:: Study material ::
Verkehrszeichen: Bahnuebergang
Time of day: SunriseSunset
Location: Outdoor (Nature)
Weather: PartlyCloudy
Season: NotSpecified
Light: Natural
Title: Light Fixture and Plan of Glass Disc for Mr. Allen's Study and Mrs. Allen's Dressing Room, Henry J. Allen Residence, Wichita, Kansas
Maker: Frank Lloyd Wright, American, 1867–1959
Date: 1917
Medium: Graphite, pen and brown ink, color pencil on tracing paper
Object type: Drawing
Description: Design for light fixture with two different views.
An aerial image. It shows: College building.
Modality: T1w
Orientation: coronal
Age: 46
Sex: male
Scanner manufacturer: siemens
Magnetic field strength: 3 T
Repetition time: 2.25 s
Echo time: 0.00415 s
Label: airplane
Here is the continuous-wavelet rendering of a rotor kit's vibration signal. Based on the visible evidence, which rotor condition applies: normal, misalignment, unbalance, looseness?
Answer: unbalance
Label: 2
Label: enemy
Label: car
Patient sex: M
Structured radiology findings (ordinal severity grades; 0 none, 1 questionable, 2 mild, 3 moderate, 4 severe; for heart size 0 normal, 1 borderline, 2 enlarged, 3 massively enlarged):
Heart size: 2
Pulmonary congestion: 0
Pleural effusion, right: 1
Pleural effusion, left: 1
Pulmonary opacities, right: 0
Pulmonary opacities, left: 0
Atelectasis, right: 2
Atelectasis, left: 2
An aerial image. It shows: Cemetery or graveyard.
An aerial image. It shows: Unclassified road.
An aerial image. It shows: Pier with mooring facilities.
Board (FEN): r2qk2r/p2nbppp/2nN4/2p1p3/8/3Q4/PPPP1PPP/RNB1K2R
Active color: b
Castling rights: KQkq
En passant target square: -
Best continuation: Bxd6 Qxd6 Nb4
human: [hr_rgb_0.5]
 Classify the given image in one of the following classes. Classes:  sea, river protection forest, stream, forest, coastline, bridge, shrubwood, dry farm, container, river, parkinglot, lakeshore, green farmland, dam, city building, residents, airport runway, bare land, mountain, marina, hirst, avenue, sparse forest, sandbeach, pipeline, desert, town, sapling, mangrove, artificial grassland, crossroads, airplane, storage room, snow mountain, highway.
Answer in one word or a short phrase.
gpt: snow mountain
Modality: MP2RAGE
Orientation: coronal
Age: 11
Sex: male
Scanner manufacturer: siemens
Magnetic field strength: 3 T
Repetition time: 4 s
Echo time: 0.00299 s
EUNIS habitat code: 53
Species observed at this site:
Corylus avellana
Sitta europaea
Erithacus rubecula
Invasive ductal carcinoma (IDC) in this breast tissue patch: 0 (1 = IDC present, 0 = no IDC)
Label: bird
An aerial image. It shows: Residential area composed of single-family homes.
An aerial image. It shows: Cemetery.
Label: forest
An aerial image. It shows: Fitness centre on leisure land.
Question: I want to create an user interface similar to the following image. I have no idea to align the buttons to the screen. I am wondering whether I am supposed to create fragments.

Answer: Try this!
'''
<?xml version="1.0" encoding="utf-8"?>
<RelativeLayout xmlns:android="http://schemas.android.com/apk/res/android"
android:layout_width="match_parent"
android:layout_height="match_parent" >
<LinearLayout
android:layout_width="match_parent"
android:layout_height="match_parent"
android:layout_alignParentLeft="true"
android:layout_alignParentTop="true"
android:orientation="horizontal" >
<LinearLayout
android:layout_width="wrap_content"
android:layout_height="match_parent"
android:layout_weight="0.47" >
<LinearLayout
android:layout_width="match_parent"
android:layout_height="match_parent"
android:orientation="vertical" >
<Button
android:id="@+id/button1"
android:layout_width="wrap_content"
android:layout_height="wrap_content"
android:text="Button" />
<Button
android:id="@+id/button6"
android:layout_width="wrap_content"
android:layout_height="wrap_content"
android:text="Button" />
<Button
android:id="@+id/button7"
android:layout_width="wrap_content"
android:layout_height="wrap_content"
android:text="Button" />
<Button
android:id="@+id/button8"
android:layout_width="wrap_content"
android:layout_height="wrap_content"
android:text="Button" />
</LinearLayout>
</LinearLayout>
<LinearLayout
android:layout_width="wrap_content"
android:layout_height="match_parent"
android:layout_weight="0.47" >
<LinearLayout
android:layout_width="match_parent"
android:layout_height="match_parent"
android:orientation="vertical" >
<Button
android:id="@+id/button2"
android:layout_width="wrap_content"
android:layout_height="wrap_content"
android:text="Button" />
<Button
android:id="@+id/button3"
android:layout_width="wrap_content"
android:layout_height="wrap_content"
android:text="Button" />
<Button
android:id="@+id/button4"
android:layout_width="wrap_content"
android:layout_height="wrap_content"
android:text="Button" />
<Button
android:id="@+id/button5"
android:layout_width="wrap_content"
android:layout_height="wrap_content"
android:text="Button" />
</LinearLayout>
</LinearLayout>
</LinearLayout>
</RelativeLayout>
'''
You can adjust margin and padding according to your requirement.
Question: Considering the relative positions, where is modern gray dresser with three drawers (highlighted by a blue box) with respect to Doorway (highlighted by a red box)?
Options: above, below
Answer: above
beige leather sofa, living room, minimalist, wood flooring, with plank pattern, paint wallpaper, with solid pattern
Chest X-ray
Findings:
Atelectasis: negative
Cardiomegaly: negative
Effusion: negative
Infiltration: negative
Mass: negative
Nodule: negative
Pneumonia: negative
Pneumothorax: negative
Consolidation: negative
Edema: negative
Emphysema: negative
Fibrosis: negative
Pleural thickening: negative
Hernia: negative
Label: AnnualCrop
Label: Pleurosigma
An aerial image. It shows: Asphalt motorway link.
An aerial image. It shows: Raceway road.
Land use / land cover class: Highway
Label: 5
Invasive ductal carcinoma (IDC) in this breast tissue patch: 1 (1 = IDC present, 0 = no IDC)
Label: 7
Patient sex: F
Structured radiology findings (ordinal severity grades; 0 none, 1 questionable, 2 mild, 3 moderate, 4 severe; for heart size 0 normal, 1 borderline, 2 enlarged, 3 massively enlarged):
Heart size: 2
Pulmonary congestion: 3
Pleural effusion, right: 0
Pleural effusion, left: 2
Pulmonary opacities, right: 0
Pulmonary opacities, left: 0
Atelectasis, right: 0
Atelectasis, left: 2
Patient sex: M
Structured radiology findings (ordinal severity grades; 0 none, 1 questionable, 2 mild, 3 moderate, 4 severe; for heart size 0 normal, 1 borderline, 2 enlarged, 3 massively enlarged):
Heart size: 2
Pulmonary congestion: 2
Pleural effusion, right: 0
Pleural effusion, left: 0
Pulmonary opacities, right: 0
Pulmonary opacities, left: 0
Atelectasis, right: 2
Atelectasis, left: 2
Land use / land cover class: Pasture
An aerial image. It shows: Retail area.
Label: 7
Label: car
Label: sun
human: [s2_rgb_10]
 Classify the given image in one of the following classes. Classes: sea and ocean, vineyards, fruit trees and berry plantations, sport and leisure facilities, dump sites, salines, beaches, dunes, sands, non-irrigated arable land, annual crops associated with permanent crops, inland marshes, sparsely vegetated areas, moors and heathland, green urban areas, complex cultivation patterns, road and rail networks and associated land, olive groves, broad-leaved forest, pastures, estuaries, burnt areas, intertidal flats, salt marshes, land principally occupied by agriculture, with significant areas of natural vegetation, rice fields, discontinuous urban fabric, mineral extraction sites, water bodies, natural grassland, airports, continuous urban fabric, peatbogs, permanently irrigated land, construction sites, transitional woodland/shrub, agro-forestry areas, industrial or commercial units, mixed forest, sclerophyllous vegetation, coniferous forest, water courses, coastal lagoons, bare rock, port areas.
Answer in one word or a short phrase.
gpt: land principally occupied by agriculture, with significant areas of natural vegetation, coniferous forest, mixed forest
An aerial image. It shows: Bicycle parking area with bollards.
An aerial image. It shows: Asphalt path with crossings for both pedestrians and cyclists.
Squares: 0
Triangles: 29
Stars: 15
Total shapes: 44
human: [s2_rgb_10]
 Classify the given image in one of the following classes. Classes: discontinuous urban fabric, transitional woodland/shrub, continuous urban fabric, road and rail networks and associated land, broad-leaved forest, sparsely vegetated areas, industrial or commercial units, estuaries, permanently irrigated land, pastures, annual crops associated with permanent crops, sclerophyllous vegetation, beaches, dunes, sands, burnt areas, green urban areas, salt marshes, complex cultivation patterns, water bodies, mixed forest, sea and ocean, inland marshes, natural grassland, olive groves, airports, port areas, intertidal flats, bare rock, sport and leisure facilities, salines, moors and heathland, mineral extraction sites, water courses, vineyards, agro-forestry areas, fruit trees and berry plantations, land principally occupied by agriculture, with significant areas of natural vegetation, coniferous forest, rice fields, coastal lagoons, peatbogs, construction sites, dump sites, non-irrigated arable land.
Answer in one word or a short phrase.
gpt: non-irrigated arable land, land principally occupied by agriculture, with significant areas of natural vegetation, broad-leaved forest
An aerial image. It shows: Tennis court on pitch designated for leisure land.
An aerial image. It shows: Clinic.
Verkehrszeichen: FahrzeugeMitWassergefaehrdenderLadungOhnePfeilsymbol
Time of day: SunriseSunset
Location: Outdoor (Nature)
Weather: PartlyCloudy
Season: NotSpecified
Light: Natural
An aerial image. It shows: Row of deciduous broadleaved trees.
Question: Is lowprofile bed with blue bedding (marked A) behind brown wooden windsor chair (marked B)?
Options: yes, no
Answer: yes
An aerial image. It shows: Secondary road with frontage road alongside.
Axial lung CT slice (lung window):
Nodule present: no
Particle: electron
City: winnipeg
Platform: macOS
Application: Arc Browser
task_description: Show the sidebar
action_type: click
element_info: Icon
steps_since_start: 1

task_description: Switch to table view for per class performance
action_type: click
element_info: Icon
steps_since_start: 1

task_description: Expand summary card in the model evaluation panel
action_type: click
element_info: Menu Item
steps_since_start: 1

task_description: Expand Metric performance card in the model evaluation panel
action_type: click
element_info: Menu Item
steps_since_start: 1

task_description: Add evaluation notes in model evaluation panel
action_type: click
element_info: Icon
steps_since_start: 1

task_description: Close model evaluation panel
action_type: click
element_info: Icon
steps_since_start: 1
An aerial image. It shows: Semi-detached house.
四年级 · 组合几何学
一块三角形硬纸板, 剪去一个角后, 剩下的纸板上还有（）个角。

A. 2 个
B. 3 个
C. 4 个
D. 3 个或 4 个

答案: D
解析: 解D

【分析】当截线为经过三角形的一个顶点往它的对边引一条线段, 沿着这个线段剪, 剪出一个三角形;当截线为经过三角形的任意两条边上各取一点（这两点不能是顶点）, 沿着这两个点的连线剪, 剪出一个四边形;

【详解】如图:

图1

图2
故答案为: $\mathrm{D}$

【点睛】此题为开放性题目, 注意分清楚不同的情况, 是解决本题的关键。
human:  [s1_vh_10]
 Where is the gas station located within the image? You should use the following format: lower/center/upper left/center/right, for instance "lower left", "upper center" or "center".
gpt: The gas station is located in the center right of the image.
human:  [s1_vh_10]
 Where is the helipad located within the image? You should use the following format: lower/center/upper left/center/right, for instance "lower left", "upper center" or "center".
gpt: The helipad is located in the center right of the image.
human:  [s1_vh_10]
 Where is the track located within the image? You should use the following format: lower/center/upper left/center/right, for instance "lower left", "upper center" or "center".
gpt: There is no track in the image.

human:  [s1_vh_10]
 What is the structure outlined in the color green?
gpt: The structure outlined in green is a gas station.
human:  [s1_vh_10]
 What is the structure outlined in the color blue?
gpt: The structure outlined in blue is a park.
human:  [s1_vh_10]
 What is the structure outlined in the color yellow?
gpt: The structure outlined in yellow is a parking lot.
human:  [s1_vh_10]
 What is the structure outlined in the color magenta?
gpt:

:: Your assignment ::
Give again exactly, and only, the lines above starting at the one with "Modality: T1w" and ending at the one with "Repetition time: 2.25 s".

:: Solution for this problem ::
Modality: T1w
Orientation: coronal
Age: 46
Sex: male
Scanner manufacturer: siemens
Magnetic field strength: 3 T
Repetition time: 2.25 s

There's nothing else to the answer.